== Instructions to follow ==
Print the full set of records below, character for character and picture-free.

== Recorded data ==
┄┄┄┄┄┄┄┄┄┄┄┄┄┄┄┄┄┄┄┄
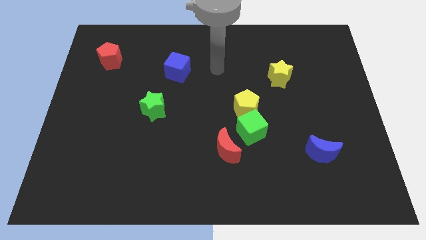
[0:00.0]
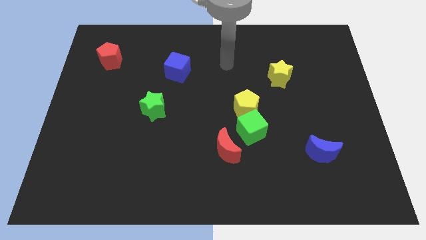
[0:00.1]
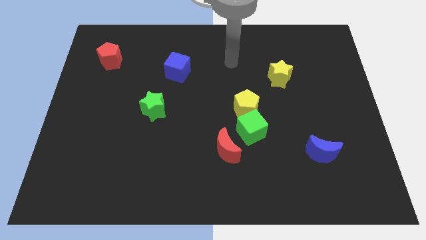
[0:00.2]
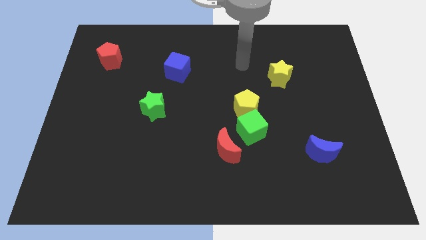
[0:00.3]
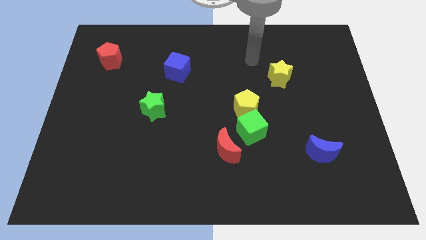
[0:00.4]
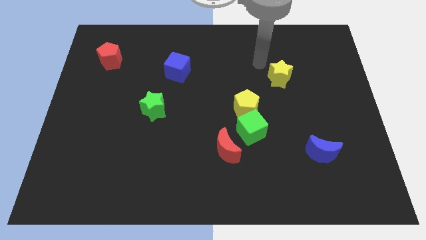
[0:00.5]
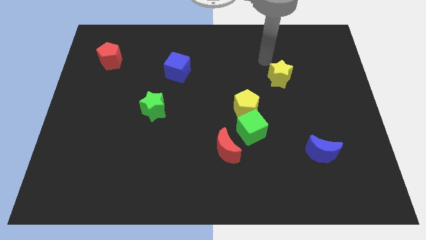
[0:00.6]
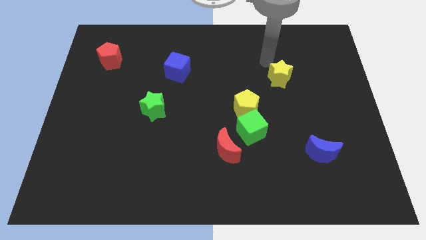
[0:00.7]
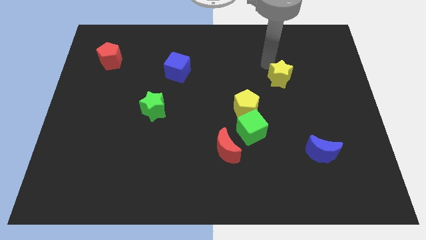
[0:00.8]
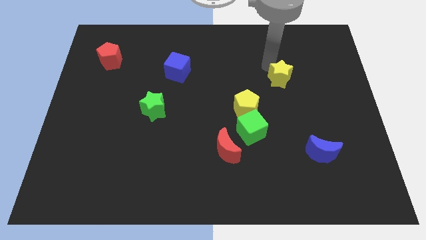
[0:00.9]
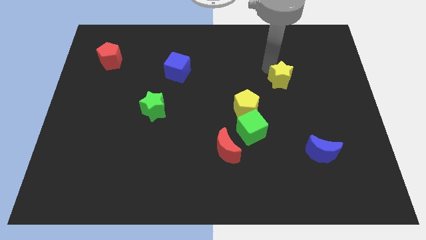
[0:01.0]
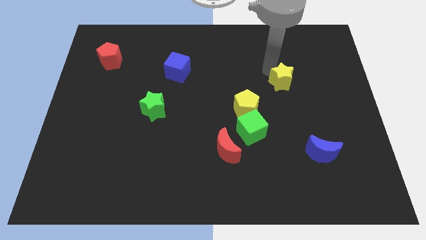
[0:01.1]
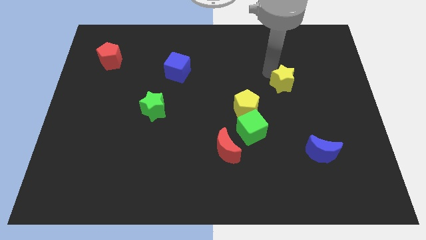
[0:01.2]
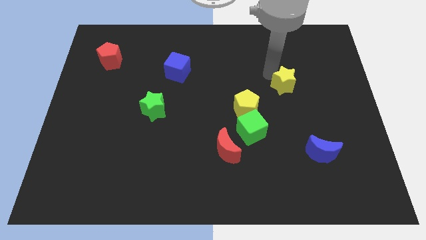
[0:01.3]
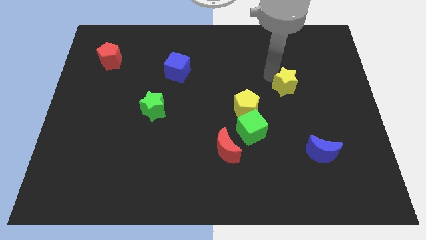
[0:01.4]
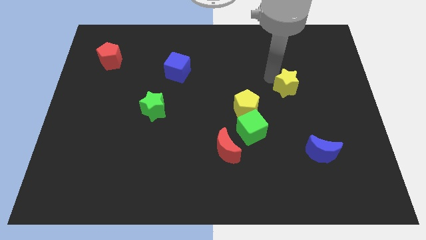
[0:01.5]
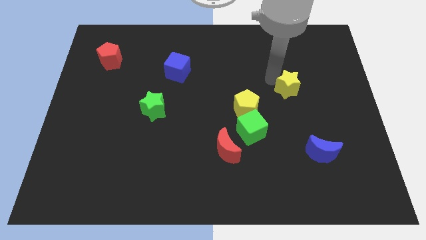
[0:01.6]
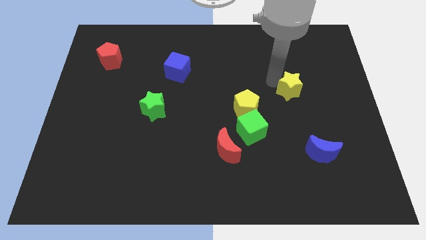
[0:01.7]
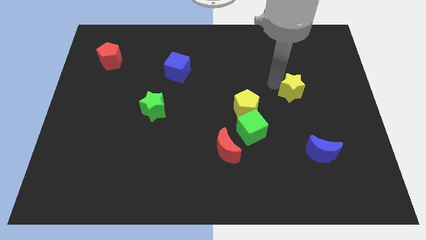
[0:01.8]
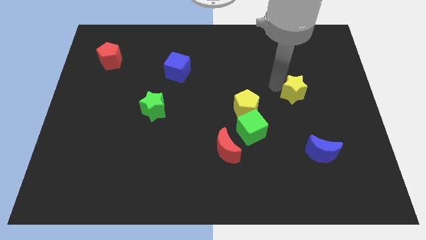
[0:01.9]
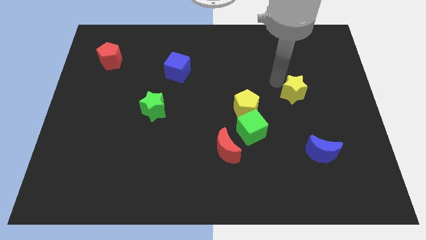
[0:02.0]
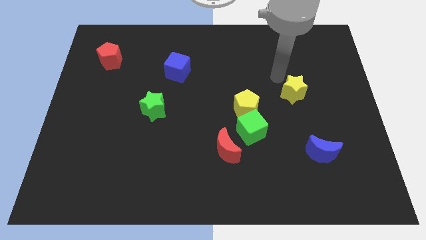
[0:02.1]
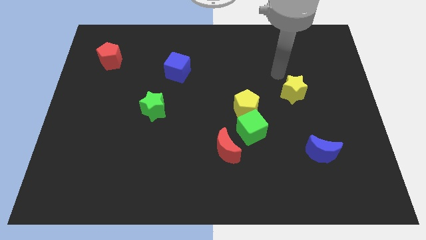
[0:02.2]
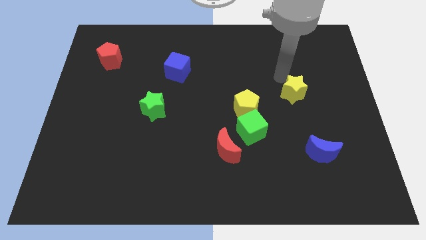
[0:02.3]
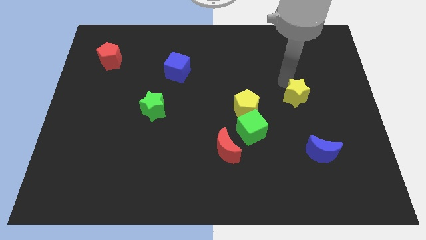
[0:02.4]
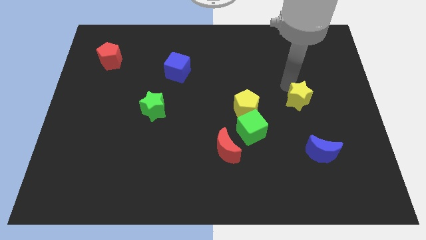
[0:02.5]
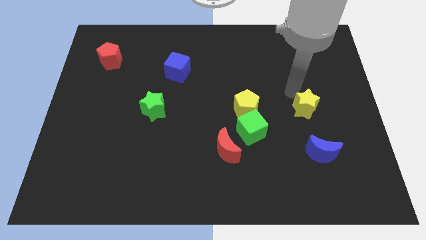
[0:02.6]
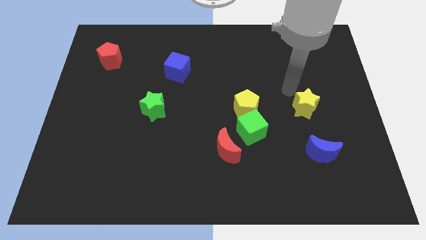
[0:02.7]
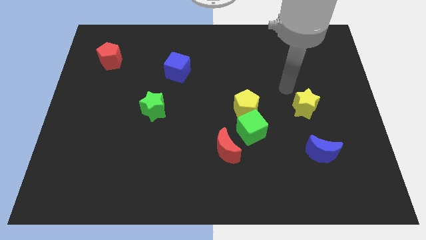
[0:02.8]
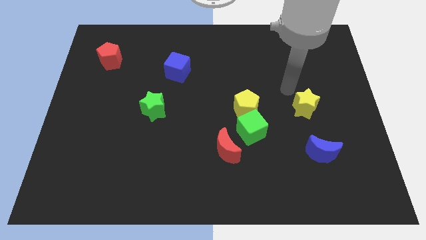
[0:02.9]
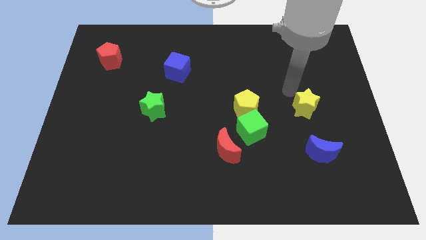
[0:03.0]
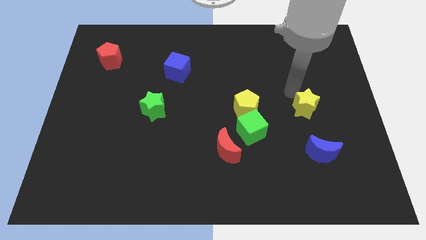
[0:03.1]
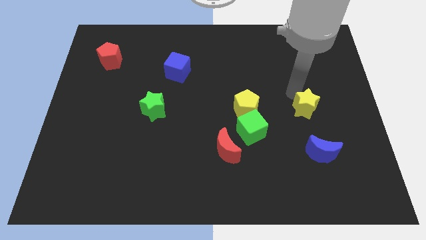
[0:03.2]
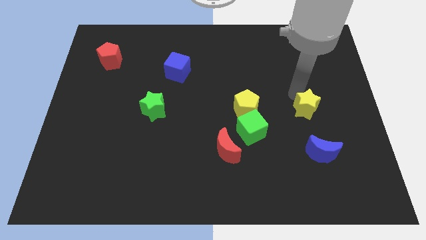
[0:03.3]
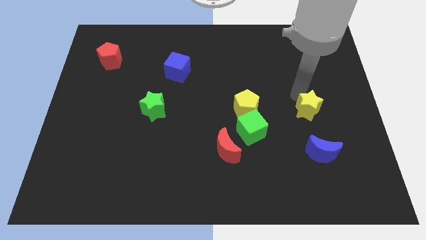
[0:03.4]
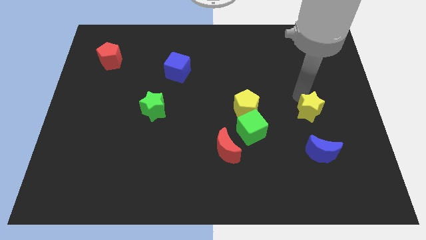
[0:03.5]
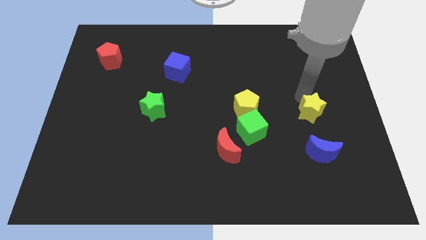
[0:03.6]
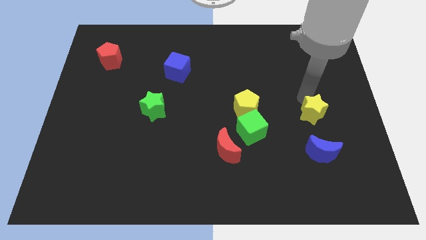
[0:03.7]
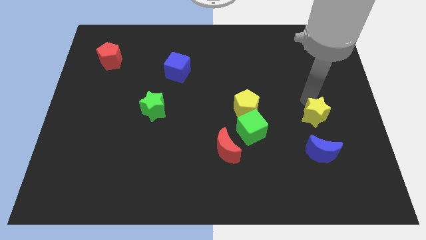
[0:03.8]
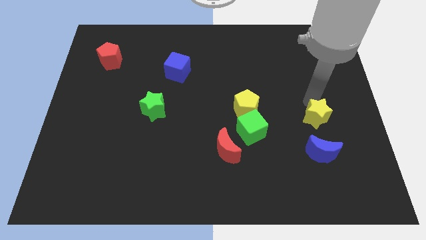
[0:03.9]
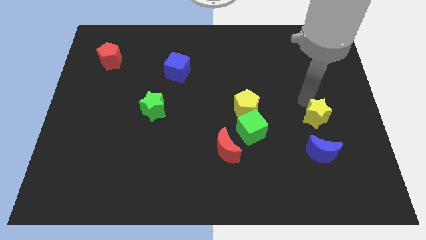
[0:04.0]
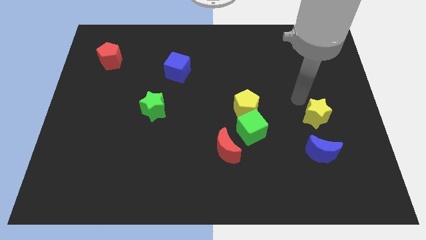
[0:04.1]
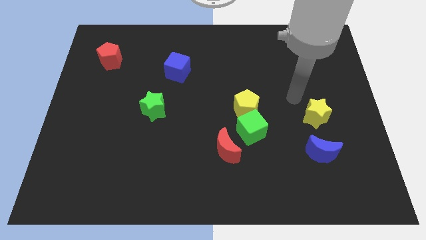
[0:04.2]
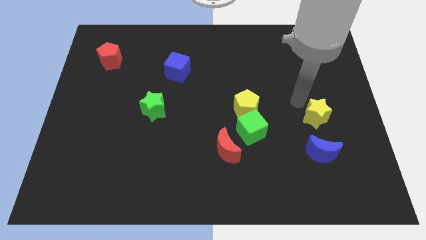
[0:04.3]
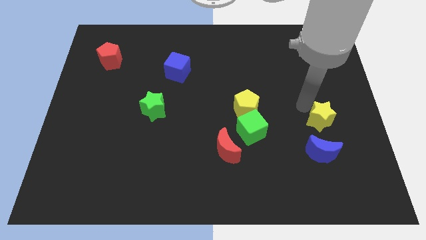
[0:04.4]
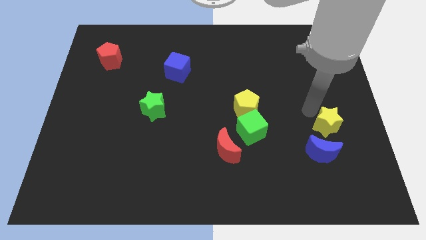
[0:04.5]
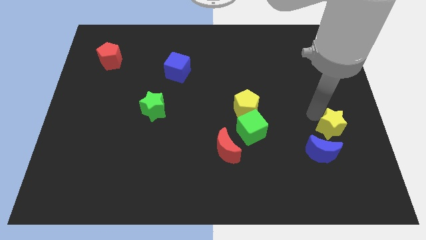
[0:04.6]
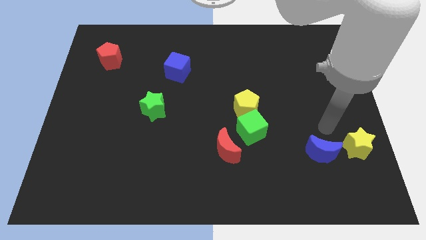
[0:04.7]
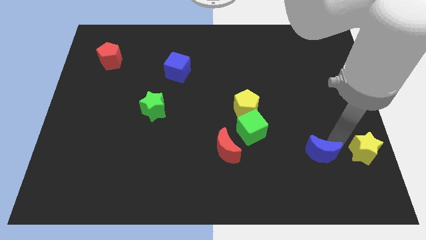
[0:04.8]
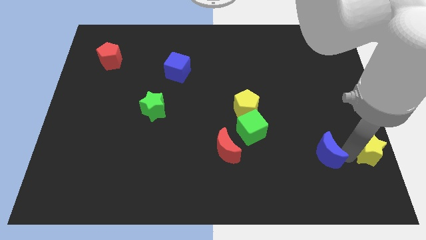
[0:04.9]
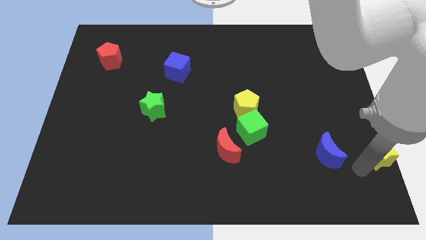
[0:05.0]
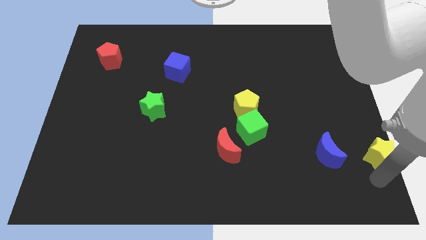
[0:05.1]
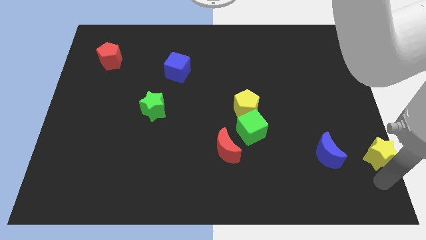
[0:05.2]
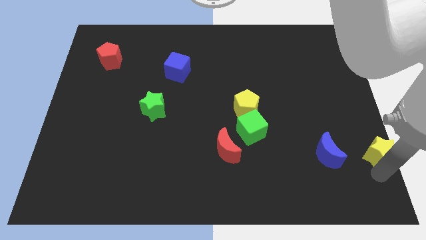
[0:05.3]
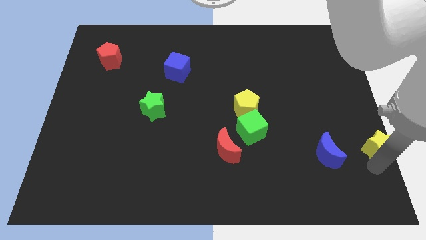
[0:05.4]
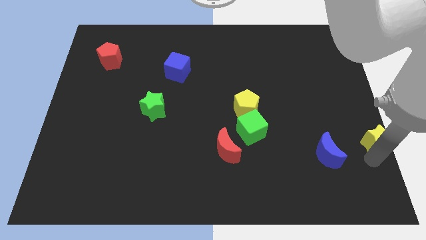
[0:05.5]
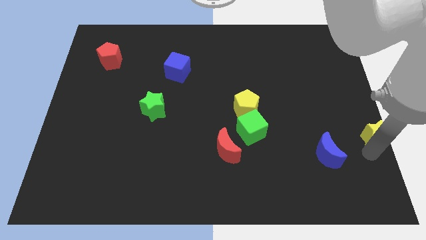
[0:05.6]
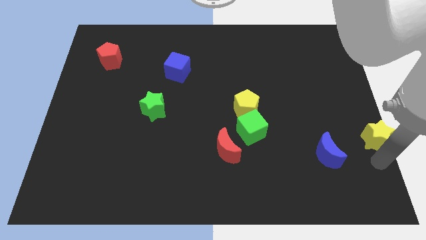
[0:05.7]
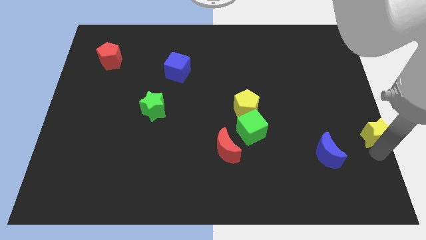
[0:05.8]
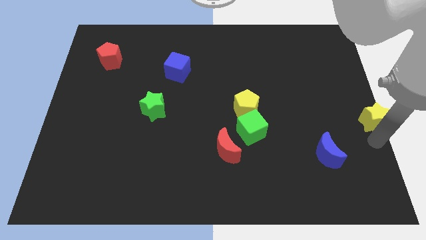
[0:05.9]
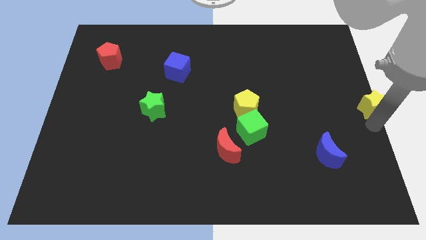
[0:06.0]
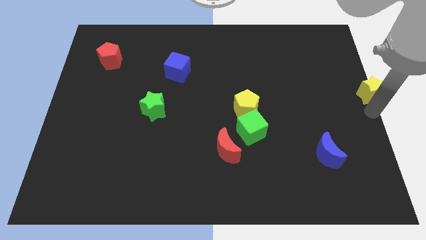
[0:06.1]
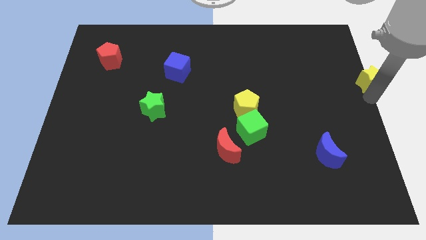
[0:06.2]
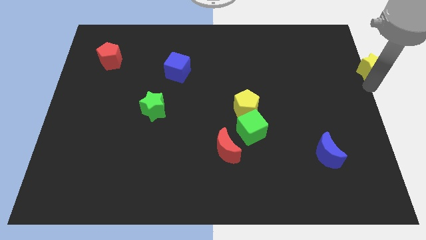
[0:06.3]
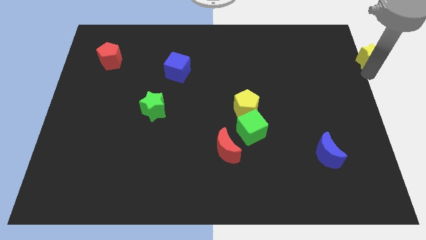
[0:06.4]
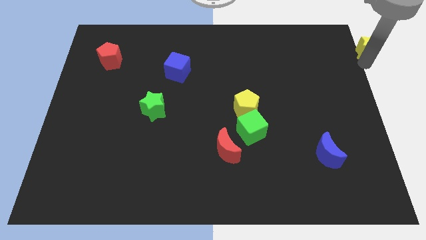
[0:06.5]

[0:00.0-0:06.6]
┄┄┄┄┄┄┄┄┄┄┄┄┄┄┄┄┄┄┄┄
== Response to this exercise ==
[0:00.0]
[0:00.1]
[0:00.2]
[0:00.3]
[0:00.4]
[0:00.5]
[0:00.6]
[0:00.7]
[0:00.8]
[0:00.9]
[0:01.0]
[0:01.1]
[0:01.2]
[0:01.3]
[0:01.4]
[0:01.5]
[0:01.6]
[0:01.7]
[0:01.8]
[0:01.9]
[0:02.0]
[0:02.1]
[0:02.2]
[0:02.3]
[0:02.4]
[0:02.5]
[0:02.6]
[0:02.7]
[0:02.8]
[0:02.9]
[0:03.0]
[0:03.1]
[0:03.2]
[0:03.3]
[0:03.4]
[0:03.5]
[0:03.6]
[0:03.7]
[0:03.8]
[0:03.9]
[0:04.0]
[0:04.1]
[0:04.2]
[0:04.3]
[0:04.4]
[0:04.5]
[0:04.6]
[0:04.7]
[0:04.8]
[0:04.9]
[0:05.0]
[0:05.1]
[0:05.2]
[0:05.3]
[0:05.4]
[0:05.5]
[0:05.6]
[0:05.7]
[0:05.8]
[0:05.9]
[0:06.0]
[0:06.1]
[0:06.2]
[0:06.3]
[0:06.4]
[0:06.5]

[0:00.0-0:06.6]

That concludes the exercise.